Epidemiological data have suggested that the use of SSRIs, particularly in late pregnancy, may increase the risk of persistent pulmonary hypertension in the newborn. Data are not available for SNRIs.

Data from animal studies has shown that citalopram may affect sperm quality. Human case reports from some SSRIs have shown this effect to be reversible. As yet, the impact of this on human fertility has not been observed.

AU TGA Pregnancy Category C: Drugs which, owing to their pharmacological effects, have caused or may be suspected of causing, harmful effects on the human fetus or neonate without causing malformations. These effects may be reversible. Accompanying texts should be consulted for further details.

US FDA Pregnancy Category C: Animal reproduction studies have shown an adverse effect on the fetus and there are no adequate and well-controlled studies in humans, but potential benefits may warrant use of the drug in pregnant women despite potential risks.

The following applies to the ingredients: Gabapentin

Professional Content

Benefits should clearly outweigh risks

Excreted into human milk: Yes

Comments:
-Breastfed infants should be monitored for drowsiness, adequate weight gain, and developmental milestones, especially when used in combination with other anticonvulsant or psychotropic drugs and in younger, exclusively breastfed infants.
-Some authorities suggest discontinuing nursing or discontinuing use of this drug while breastfeeding due to the potential for serious adverse reactions in the breastfed infant.

With maternal doses up to 2.1 g/day, estimated doses for fully breastfed infants are 0.2 to 1.3 mg/kg/day (equivalent to 1.3 to 3.8% of the maternal weight-adjusted dose). An expert panel has deemed this drug is an acceptable choice for refractory restless leg syndrome during lactation. Until more data becomes available, the developmental and health benefits of breastfeeding should be considered along with the mother's clinical need for this drug and any potential adverse effects on the breastfed infant from this drug or from the underlying maternal condition.

The following applies to the ingredients: Citalopram (found in Celexa)

Professional Content

A decision should be made to discontinue nursing or discontinue the drug, taking into account the importance of the drug to the mother.

Excreted into human milk: Yes

Comments:
-Breastfed infants should be monitored for drowsiness
-Mothers taking an SSRI during pregnancy and postpartum may have difficulty breastfeeding and may require additional breastfeeding support.

Cases of minor behavioral side effects such as drowsiness or fussiness have been reported; however no adverse effects on development have been observed in infants followed for up to 1 year.
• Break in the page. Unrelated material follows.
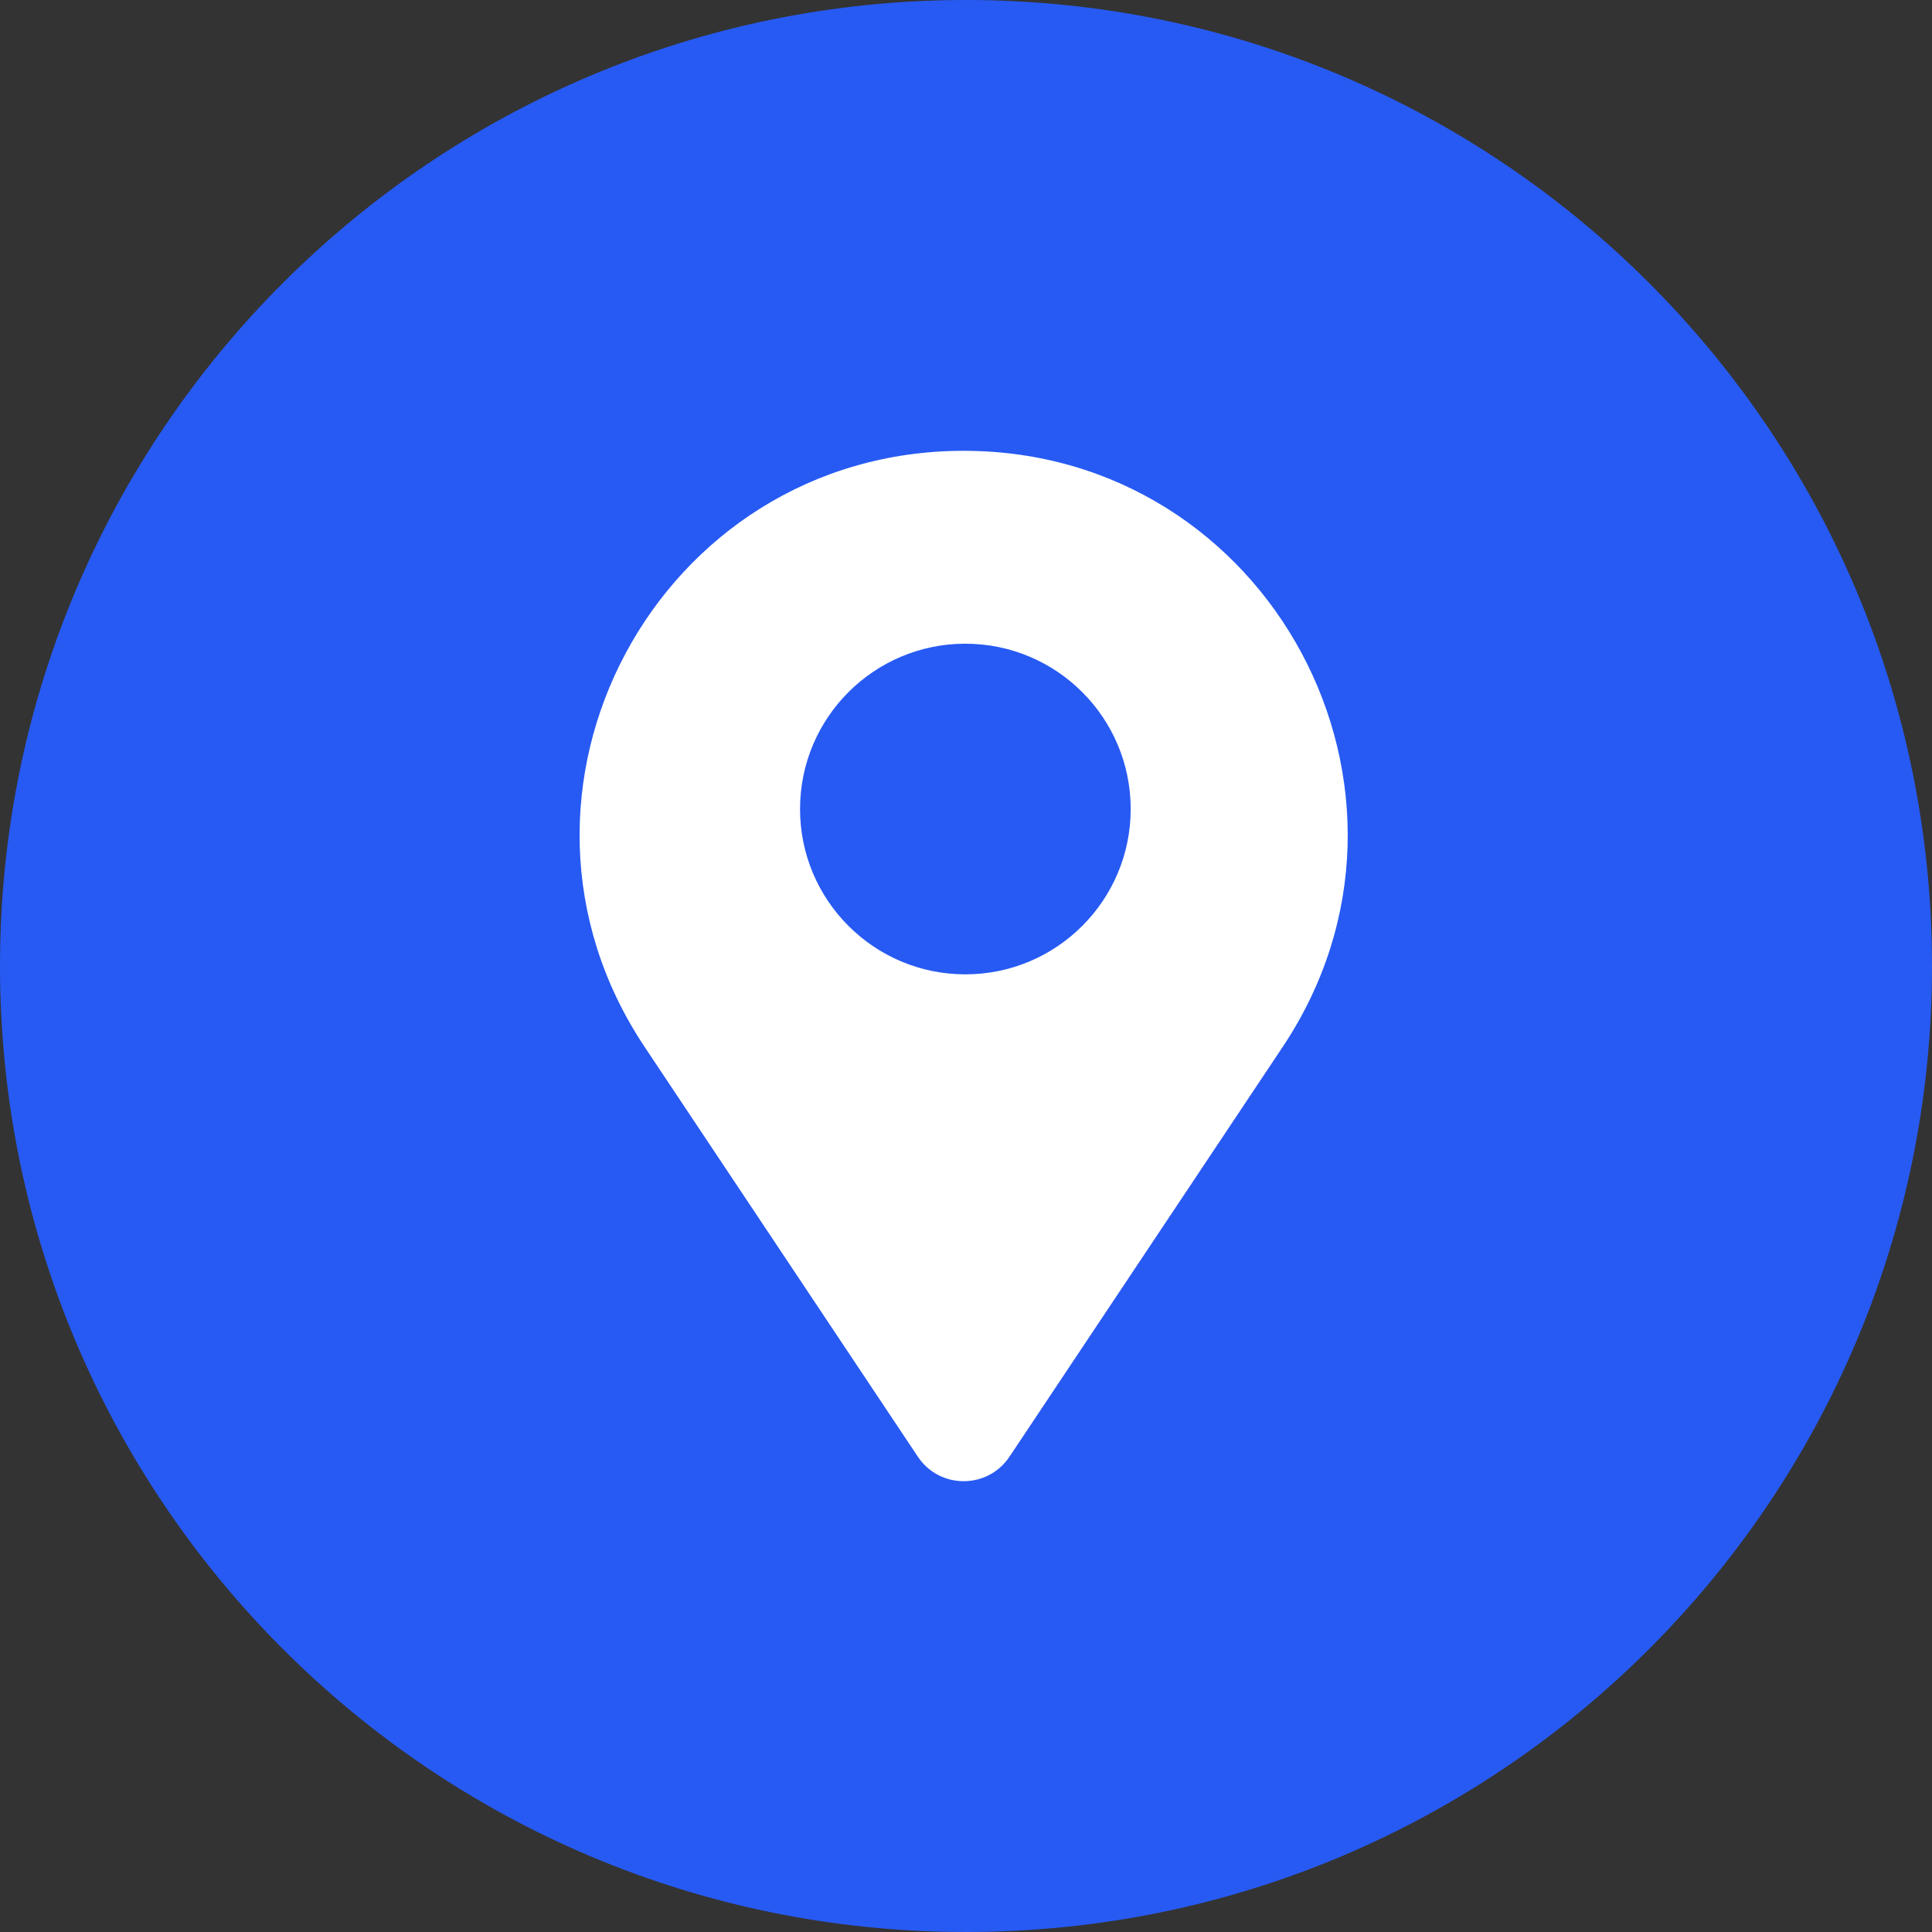 <?xml version="1.0" encoding="UTF-8"?> <svg xmlns="http://www.w3.org/2000/svg" width="50" height="50" viewBox="0 0 50 50" fill="none"><rect x="0" y="0" width="50" height="50" fill="#333333" stroke="none"/><g clip-path="url(#clip0_319_960)"><path d="M25 50C38.807 50 50 38.807 50 25C50 11.193 38.807 0 25 0C11.193 0 0 11.193 0 25C0 38.807 11.193 50 25 50Z" fill="#275AF3"></path><path d="M26.126 37.698C25.562 38.545 24.317 38.545 23.753 37.698L16.683 27.094C12.287 20.5 17.014 11.667 24.94 11.667C32.865 11.667 37.592 20.5 33.196 27.094L26.126 37.698Z" fill="white"></path><path d="M24.983 25.216C27.346 25.216 29.262 23.3 29.262 20.938C29.262 18.575 27.346 16.659 24.983 16.659C22.621 16.659 20.705 18.575 20.705 20.938C20.705 23.3 22.621 25.216 24.983 25.216Z" fill="#275AF3"></path></g><defs><clipPath id="clip0_319_960"><rect width="50" height="50" fill="white"></rect></clipPath></defs></svg>

It has been suggested that citalopram therapy may be continued during breastfeeding if it was used during pregnancy or if other antidepressants were ineffective. Escitalopram, the S-enantiomer of citalopram, may be preferred during breastfeeding as its usual dose is about 25% that of citalopram and has a lower infant exposure.

One study has reported that the relative dose to a suckling infant is similar to that reported for fluoxetine, and higher than that reported for fluvoxamine, paroxetine, or sertraline.
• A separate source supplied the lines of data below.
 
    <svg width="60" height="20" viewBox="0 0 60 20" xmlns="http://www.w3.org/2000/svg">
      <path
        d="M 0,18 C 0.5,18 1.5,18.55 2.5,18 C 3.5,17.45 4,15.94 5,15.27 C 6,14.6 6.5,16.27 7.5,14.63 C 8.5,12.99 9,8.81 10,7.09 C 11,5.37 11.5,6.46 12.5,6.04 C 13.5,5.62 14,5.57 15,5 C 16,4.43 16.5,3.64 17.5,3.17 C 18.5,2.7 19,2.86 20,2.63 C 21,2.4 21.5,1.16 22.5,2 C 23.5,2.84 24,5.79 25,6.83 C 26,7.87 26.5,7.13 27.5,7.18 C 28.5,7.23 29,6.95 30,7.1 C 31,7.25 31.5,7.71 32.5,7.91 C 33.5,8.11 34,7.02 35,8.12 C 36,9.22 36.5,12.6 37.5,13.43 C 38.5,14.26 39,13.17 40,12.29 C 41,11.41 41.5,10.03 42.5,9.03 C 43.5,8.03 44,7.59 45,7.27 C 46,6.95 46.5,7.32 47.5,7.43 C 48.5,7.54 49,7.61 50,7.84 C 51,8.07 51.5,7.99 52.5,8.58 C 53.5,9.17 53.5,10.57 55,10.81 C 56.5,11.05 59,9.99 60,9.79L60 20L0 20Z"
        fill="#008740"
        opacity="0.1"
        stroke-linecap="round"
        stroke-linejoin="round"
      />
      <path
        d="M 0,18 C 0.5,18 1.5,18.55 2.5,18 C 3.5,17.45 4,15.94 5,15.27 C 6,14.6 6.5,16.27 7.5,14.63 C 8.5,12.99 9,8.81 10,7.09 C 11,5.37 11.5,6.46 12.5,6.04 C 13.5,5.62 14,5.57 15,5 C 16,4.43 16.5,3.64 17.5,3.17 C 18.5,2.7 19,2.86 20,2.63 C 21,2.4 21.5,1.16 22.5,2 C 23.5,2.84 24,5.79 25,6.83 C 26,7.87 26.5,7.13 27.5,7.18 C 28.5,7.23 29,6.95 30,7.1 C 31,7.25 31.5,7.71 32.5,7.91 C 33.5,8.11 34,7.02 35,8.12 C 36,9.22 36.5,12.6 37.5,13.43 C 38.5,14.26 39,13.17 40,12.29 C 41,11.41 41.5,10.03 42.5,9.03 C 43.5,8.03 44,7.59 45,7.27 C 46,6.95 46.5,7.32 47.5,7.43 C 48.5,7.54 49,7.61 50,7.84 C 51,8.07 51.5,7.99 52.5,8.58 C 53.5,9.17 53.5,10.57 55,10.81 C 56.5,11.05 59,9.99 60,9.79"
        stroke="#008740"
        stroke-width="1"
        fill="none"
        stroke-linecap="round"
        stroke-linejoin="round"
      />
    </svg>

Two cases have been reported of infants experiencing excessive somnolence, decreased feeding, and weight loss in relation to breast-feeding from a mother receiving citalopram. Milk/serum concentration ratios based on single pairs of samples from the two patients ranged from 1.16 to 1.88. Based on this, the absolute dose a suckling infant may ingest would be in the range of 4.3 to 17.6 micrograms/kg. The relative dose would be 0.7% to 5.9% of the weight- adjusted maternal dose. In one case the infant was reported to have recovered completely once the infants mother discontinued the citalopram.

According to another case report, the relative infant citalopram dose from breast milk is approximately 9% of the weight- adjusted maternal dose.

A study of seven women taking citalopram and their infants has reported that the plasma concentrations of citalopram and demethylcitalopram in the infants were very low or absent and there were no adverse effects.